Gender complaints and lawsuits continue to plague Stanford.

Coincidentally, the U.S. Department of Labor has reopened an investigation into gender discrimination at the university that was first begun in 1999.

The federal investigation was never really closed, according to a Department of Labor spokeswoman in San Francisco. "It is still open and on-going," she said.

It's a mystery why it has taken the federal agency so long to wrap up an investigation that began six years ago.

"The investigation has been dormant for more than four years," said Tom Fenner, Stanford's deputy general counsel. "But we recently heard the Department of Labor wants to restart it, although we do not currently know what precisely they are interested in looking at."

The problem with trying to find out what the feds are doing is the feds don't say anything.

Reports back in 1999 were that as many as 30 past and present Stanford women were part of the federal complaint. Later reports were that some have since dropped off, making individual settlements with the university.

A university source said there were actually nine names on the complaint in 1999, two were added in the next year and four later dropped off. Four of the seven on the complaint are, or were, from the med school. Two are still there.

The consequences of the Department of Labor finding wrongdoing at Stanford are unknown -- the feds aren't saying. But Stanford gets a huge amount of federal research dollars, and federal contractors aren't allowed to discriminate by gender or race.

This has been a song that has been playing for a long time.

Frances Conley, a neurosurgeon, shocked Stanford in 1991 when she resigned her professorship, citing gender discrimination. She rejoined the faculty after about six months, but the once-forbidden had been spoken.

Conley, now retired, published her story in a 1998 book aptly titled, "Walking Out on the Boys."

Most of the complaints about alleged gender bias have come from the medical school and the traditionally male-dominated world of medicine.

An interesting footnote of the federal investigation is that Stanford, while confirming there are seven people listed on the federal complaint, won't confirm that they are women.

But if there is a federal investigation into alleged gender bias at Stanford, it is presumably not because men are complaining about being discriminated against by women.

Since the mid-1990s, the university has grappled with the fact that it has fewer women faculty than most of its peer institutions of elite, private research universities. Stanford has defended itself on that count because the makeup of tenured faculty is slow to change.

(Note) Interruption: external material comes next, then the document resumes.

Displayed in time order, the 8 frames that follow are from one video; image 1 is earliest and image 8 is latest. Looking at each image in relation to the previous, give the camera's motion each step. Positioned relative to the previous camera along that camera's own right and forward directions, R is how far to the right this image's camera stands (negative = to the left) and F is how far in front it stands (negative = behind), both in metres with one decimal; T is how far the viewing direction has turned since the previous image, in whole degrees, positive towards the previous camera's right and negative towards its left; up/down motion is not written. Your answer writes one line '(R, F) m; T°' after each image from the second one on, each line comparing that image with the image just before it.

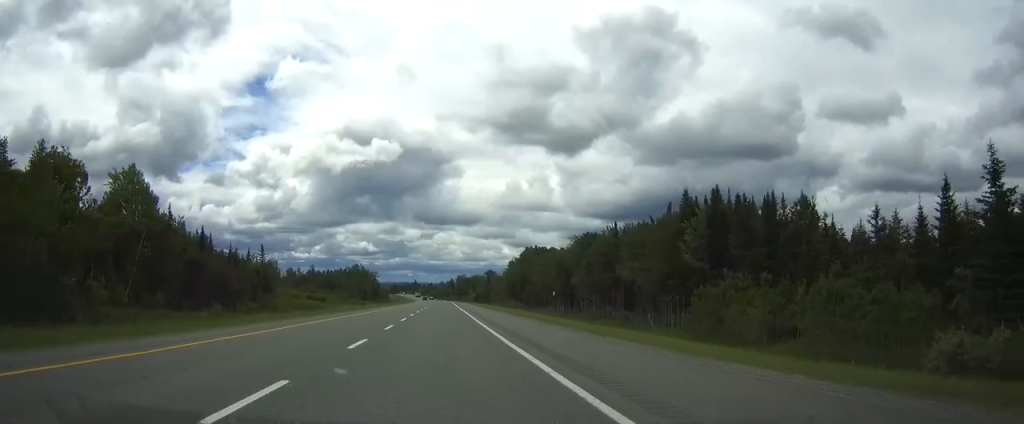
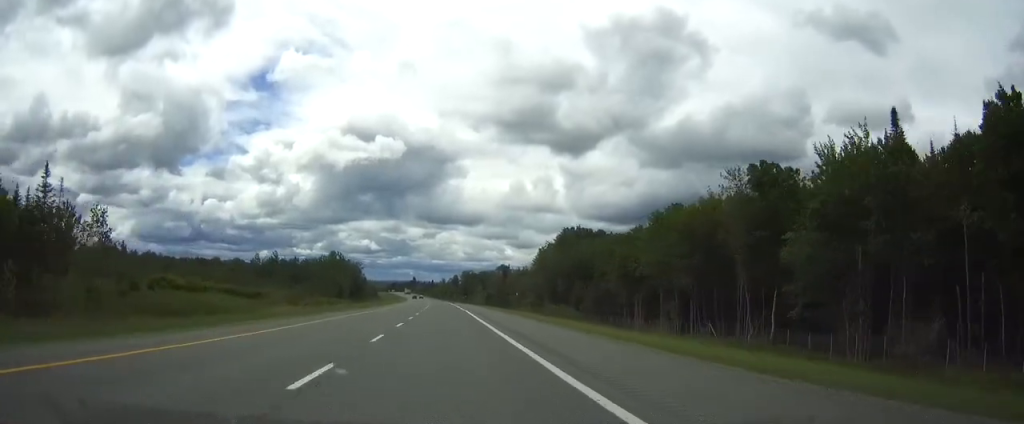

Less than one-quarter of all Stanford faculty -- 23 percent -- are women, but even fewer -- 17 percent -- of tenured faculty are women.

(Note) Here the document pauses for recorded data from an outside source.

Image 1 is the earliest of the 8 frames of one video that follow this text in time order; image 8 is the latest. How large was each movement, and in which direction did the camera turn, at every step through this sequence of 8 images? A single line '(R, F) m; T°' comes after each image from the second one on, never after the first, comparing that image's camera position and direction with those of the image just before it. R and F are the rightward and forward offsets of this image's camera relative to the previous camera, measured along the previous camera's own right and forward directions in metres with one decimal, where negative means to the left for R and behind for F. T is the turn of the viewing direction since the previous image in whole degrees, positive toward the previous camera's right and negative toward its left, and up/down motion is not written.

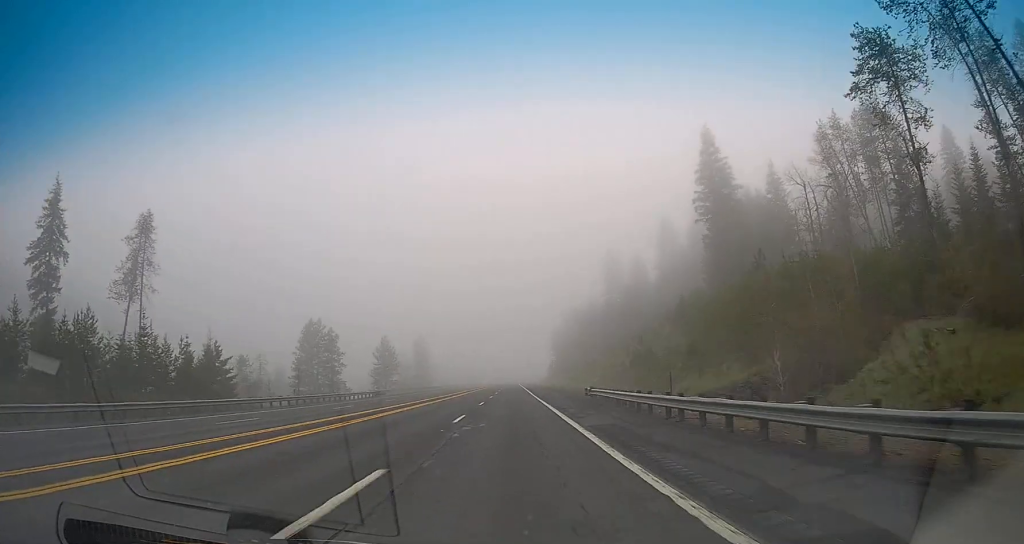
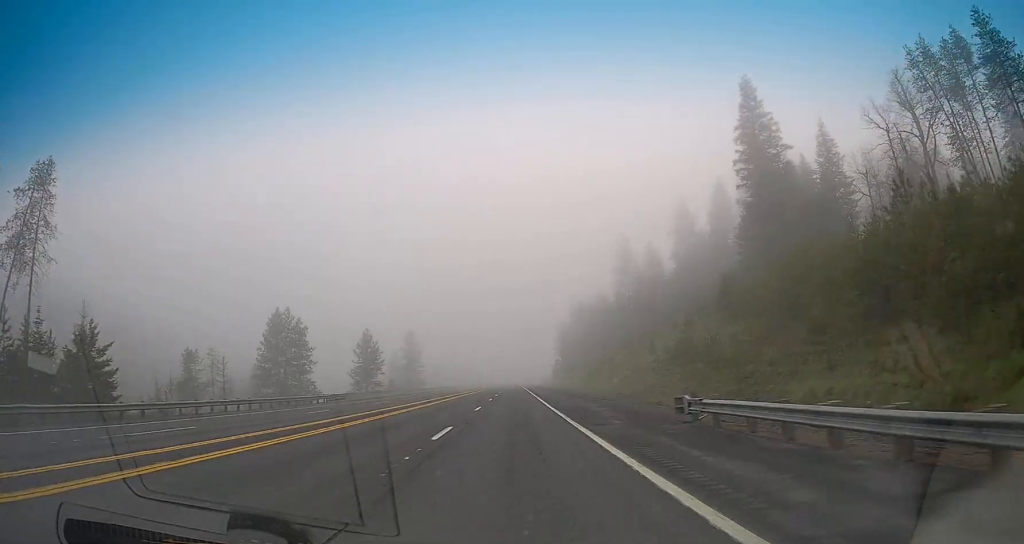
(0.0, +21.4) m; 0°
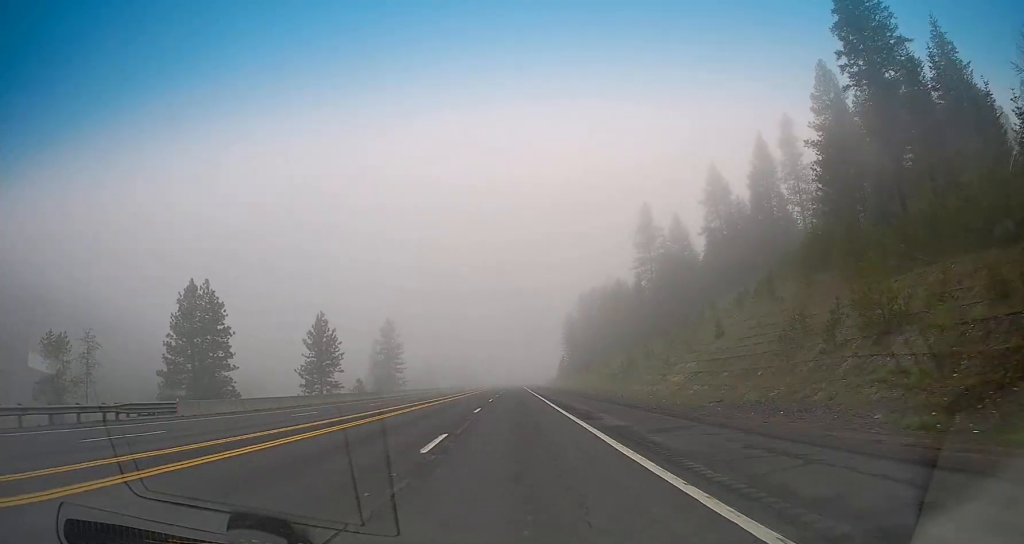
(+0.2, +33.9) m; 0°
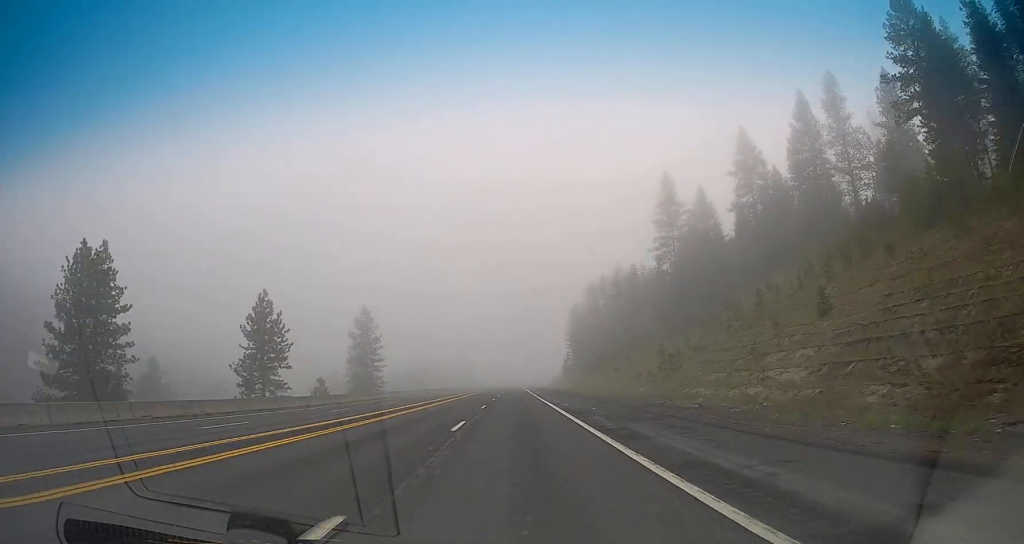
(-0.1, +25.1) m; 0°
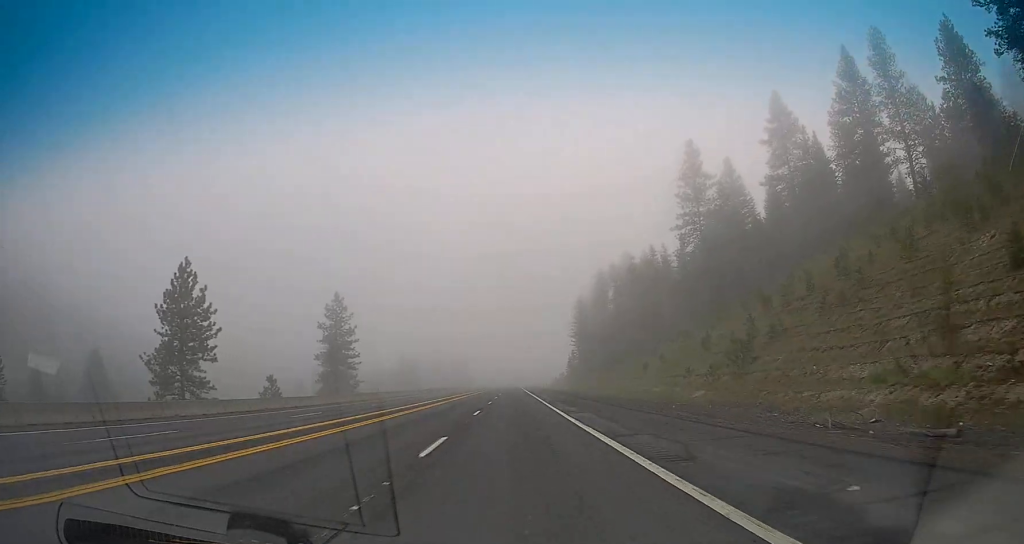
(+0.1, +21.3) m; 0°
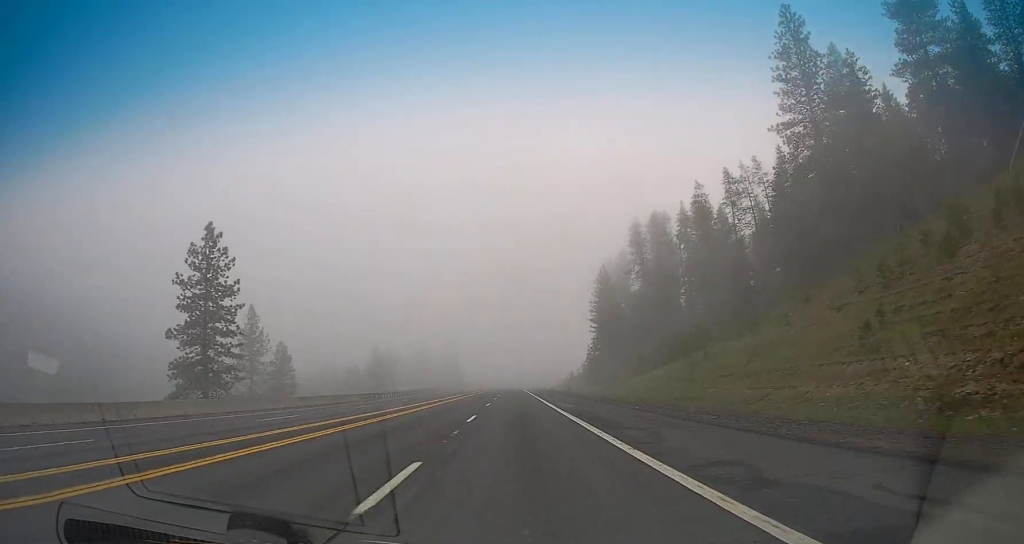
(-0.2, +51.4) m; -1°
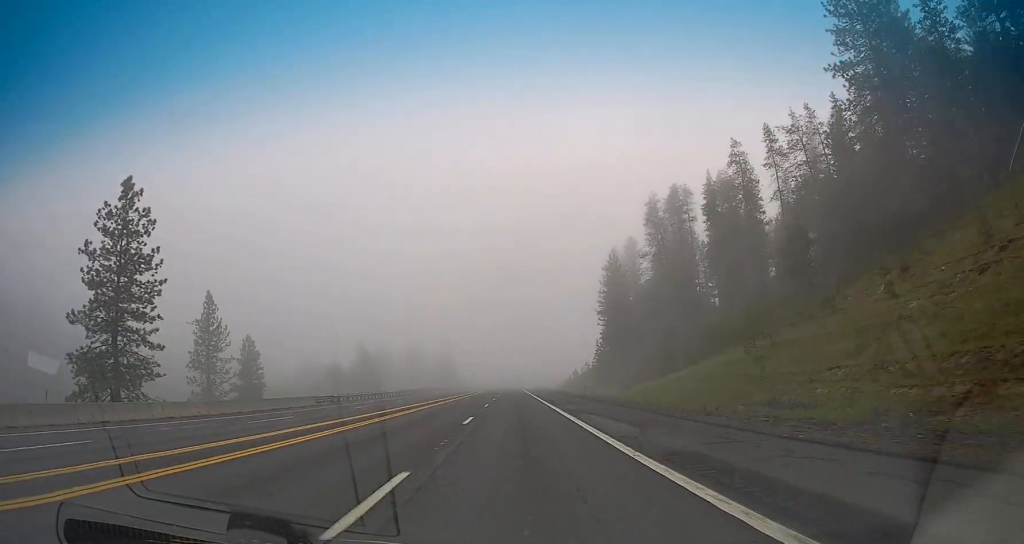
(0.0, +16.5) m; 0°
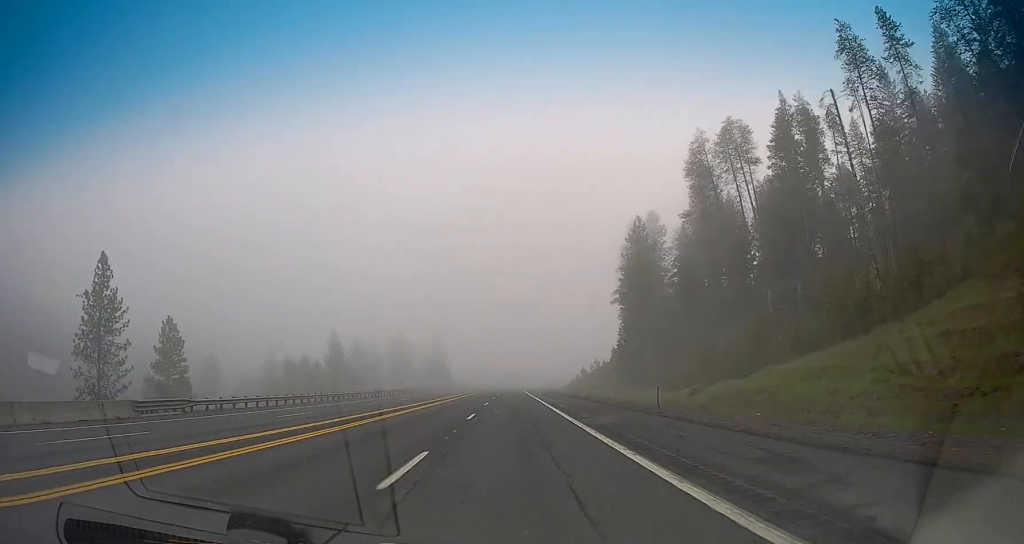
(+0.2, +28.2) m; 0°

Because of those concerns, the number of women faculty is reported every year to the university's Faculty Senate. In 1998, the Women's Coalition for Gender Equity, a faculty group, released its own report that was harshly critical of the university for not hiring and retaining more women faculty members.

The low number of women faculty, lawsuits and a federal probe all seem part of the same whole.

Stanford is progressive in many ways, including the racial and gender diversity of both its undergraduate and graduate students. So the issue of faculty gender bias seems like an anomaly, like the bad uncle who embarrasses the family and is only brought out at Thanksgiving and then says the wrong things.

Johnson, the surgeon who filed the lawsuit last month, was the subject of a highly complimentary profile published in the April 17, 2002 issue of Stanford Report, the university's weekly newspaper.

Her lawsuit alleges that her surgery caseload dropped 77 percent after a new chief of breast surgery took over last November. Johnson is also part black and part Native American.